In deze zaak gaat het om een hoger beroep van appellant, verbonden aan een besloten vennootschap, die als vereffenaar is benoemd voor de nalatenschap van de erflater en de onverdeelde ontbonden huwelijksgemeenschap met zijn ex-echtgenote. Appellant verzoekt om een verhoging van zijn loon als vereffenaar, dat door de kantonrechter was vastgesteld op € 8.437,64 inclusief btw. Hij stelt dat zijn loon moet worden vastgesteld op € 10.554,18, met een hogere ervaringsfactor voor de door hem ingeschakelde medewerker, mevrouw [curator]. De kantonrechter had een ervaringsfactor van 0,5 toegekend aan mevrouw [curator], terwijl appellant meent dat dit 1,1 zou moeten zijn. Het hof oordeelt dat er geen aanleiding is om af te wijken van de reguliere ervaringsfactoren conform de Recofa richtlijnen. Het hof bevestigt dat de richtlijnen zijn bedoeld om een uniforme toepassing van het recht te waarborgen en dat de kantonrechter terecht de ervaringsfactor van mevrouw [curator] niet heeft verhoogd. Het hof bekrachtigt de beschikking van de rechtbank Rotterdam en wijst het meer of anders verzochte af.

Uitspraak

GERECHTSHOF DEN HAAG
Afdeling civiel recht
zaaknummer : 200.307.334/01
zaaknummer rechtbank : 9071208 AZ VERZ 21-31
beschikking van de meervoudige kamer van 21 december 2022
inzake het hoger beroep van:
[appellant] ,
verbonden aan de besloten vennootschap [BV] .,
gevestigd en kantoorhoudende te [vestigingsplaats] ,
verzoeker in het hoger beroep,
hierna te noemen: appellant,
advocaat mr. A.C. de Bakker te Hendrik-Ido-Ambacht,
om het loon van appellant als vereffenaar vast te stellen inzake:
1) de nalatenschap van:
[erflater] ,
geboren te [geboorteplaats 1] op [geboortedatum 1] 1960,
overleden te [overlijdensplaats] op [overlijdensdatum] 2018,
laatstelijk gewoond hebbende te [woonplaats 1] ,
hierna te noemen: de erflater,
2) de onverdeelde ontbonden huwelijksgemeenschap tussen erflater en [vrouw 1] , geboren te [geboorteplaats 2] op [geboortedatum 2] 1964, wonende te [woonplaats 2] .

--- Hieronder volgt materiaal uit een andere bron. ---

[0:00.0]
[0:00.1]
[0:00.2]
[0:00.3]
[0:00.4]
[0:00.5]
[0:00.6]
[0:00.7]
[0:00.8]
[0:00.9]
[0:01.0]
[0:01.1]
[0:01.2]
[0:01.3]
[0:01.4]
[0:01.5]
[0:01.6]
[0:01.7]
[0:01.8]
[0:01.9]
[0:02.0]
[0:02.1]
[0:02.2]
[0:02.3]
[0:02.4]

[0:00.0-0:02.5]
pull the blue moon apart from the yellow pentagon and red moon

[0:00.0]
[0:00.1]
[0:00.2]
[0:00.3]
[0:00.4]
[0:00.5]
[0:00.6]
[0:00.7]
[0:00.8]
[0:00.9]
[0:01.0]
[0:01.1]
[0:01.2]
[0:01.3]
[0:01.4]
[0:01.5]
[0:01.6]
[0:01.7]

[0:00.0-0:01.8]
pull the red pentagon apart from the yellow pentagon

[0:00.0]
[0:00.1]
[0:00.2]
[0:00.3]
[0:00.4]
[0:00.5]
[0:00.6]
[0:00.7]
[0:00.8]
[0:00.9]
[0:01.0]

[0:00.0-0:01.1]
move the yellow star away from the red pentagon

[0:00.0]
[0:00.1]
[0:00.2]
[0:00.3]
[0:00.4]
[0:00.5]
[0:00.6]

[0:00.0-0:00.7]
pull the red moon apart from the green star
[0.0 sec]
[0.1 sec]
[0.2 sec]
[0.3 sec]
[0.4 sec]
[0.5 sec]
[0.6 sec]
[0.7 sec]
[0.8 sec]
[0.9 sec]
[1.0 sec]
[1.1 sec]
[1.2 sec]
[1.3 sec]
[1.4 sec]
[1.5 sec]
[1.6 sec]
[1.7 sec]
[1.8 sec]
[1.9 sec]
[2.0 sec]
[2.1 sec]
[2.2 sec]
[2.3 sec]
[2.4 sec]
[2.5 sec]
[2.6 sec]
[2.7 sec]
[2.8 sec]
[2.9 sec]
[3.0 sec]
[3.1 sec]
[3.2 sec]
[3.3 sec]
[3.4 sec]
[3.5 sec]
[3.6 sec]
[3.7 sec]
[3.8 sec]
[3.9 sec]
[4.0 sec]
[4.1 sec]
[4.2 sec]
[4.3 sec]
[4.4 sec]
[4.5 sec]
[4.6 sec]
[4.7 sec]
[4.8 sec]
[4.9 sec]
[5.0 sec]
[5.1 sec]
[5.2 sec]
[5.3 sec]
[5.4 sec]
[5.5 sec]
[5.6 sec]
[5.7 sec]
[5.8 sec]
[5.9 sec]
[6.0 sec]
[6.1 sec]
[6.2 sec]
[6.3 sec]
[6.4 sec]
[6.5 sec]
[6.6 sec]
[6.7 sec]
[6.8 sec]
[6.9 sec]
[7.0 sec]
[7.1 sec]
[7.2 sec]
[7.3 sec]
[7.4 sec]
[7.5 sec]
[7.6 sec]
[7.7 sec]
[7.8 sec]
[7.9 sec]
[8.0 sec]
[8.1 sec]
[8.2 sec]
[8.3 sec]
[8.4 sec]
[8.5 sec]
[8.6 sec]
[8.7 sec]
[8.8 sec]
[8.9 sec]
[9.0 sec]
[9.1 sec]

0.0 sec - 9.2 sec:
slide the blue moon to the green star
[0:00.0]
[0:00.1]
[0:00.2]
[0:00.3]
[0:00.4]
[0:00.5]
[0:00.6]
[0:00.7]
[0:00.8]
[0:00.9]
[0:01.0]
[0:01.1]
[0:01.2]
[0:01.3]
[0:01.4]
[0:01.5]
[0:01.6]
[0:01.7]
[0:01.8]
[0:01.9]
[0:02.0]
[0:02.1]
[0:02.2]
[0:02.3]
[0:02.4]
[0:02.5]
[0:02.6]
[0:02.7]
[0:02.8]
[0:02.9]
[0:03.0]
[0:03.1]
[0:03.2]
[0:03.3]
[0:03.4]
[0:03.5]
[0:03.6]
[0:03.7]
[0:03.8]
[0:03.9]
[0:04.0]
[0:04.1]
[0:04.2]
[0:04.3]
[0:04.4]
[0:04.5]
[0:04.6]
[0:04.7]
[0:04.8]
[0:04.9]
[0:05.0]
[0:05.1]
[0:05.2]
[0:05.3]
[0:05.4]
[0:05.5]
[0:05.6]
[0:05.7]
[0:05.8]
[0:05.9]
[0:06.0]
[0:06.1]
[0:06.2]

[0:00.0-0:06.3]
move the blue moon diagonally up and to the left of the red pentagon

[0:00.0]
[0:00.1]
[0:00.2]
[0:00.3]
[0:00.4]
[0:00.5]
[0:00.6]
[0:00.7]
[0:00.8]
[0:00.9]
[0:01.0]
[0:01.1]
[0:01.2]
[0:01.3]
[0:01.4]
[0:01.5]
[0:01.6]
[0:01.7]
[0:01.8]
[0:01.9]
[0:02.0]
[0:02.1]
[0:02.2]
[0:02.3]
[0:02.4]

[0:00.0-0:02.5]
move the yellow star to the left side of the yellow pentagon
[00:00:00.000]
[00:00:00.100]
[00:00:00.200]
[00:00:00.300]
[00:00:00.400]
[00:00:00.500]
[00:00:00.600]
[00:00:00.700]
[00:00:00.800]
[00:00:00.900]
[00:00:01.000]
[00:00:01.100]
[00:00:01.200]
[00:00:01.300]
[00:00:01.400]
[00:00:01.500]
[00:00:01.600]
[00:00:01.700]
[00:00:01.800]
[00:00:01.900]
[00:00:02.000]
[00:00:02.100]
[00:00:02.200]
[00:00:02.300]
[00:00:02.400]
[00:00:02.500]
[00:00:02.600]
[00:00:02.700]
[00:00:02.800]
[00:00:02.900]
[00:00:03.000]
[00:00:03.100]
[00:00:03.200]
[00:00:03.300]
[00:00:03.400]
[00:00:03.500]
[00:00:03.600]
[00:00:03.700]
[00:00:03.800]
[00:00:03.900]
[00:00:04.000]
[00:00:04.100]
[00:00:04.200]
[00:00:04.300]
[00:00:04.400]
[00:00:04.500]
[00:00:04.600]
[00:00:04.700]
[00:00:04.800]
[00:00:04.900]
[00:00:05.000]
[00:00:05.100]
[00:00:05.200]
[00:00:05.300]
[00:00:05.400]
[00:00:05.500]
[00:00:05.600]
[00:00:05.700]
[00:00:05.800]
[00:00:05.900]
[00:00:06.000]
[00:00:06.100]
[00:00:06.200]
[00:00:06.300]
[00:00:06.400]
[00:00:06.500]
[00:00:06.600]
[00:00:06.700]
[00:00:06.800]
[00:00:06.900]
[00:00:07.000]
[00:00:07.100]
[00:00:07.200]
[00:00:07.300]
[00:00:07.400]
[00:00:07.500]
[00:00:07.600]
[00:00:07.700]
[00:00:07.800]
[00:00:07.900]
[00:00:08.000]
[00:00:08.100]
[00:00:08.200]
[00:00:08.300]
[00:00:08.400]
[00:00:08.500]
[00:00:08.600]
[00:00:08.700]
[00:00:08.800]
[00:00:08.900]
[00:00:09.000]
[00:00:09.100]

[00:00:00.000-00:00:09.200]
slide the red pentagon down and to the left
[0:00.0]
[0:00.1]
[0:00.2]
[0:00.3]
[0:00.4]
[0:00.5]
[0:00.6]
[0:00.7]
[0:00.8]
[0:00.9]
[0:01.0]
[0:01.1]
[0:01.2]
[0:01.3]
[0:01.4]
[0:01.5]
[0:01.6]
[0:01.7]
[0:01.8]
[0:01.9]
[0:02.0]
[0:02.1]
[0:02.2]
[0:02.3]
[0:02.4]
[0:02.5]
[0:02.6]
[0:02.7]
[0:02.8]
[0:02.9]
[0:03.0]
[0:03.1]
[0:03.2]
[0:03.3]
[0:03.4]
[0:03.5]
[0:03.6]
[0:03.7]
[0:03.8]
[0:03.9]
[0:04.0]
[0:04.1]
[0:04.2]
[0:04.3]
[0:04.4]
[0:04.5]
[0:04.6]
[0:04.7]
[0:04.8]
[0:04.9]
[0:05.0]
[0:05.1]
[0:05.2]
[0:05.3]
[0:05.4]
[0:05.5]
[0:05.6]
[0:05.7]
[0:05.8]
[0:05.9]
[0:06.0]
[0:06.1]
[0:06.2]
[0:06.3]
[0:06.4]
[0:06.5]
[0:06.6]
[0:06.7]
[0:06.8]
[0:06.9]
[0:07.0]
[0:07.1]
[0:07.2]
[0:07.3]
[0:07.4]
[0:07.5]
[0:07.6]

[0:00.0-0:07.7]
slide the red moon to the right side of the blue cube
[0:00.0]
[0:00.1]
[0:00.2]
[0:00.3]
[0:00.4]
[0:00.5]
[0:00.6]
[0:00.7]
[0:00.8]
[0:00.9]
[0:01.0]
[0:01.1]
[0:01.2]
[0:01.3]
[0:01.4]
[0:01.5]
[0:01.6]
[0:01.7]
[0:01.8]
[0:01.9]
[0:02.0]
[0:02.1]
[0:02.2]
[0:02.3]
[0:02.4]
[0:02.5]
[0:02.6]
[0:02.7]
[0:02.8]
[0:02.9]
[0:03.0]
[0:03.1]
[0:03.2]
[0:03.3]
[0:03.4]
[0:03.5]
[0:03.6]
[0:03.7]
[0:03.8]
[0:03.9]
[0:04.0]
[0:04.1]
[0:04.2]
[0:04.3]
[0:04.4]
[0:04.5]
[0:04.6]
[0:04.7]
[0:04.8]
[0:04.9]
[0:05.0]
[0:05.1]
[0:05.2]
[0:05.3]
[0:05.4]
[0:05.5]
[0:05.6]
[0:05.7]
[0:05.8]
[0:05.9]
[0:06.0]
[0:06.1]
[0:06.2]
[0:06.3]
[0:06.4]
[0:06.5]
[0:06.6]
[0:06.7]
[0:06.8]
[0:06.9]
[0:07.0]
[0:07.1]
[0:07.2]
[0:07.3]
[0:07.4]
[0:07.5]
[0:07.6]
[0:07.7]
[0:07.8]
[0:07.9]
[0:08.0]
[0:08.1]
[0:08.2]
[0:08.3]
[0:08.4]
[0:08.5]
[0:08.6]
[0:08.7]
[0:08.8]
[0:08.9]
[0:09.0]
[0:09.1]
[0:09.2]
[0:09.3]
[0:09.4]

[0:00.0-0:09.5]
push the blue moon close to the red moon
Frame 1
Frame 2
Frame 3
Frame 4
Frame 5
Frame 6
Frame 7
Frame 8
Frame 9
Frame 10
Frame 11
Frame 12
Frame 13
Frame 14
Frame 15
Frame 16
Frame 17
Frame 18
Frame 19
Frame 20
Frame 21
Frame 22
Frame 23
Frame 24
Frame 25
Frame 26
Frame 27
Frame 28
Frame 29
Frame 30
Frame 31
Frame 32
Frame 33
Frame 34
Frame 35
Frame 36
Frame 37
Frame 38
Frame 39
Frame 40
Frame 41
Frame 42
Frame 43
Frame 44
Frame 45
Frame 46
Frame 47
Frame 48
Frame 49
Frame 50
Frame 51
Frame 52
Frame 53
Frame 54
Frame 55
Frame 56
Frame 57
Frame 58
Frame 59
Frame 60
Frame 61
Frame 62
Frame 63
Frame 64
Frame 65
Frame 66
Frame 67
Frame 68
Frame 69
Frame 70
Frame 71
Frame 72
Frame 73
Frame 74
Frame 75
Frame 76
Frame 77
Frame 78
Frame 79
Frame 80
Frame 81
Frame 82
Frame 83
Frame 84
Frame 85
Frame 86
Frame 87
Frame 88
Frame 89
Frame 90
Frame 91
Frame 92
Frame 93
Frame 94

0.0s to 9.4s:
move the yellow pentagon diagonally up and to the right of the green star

1.Het verloop van het geding in eerste aanleg

Het hof verwijst voor het verloop van het geding in eerste aanleg naar de beschikking van de kantonrechter in de rechtbank Rotterdam, zitting houdende te Dordrecht 29 november 2021, uitgesproken onder voormeld zaaknummer (hierna: de bestreden beschikking).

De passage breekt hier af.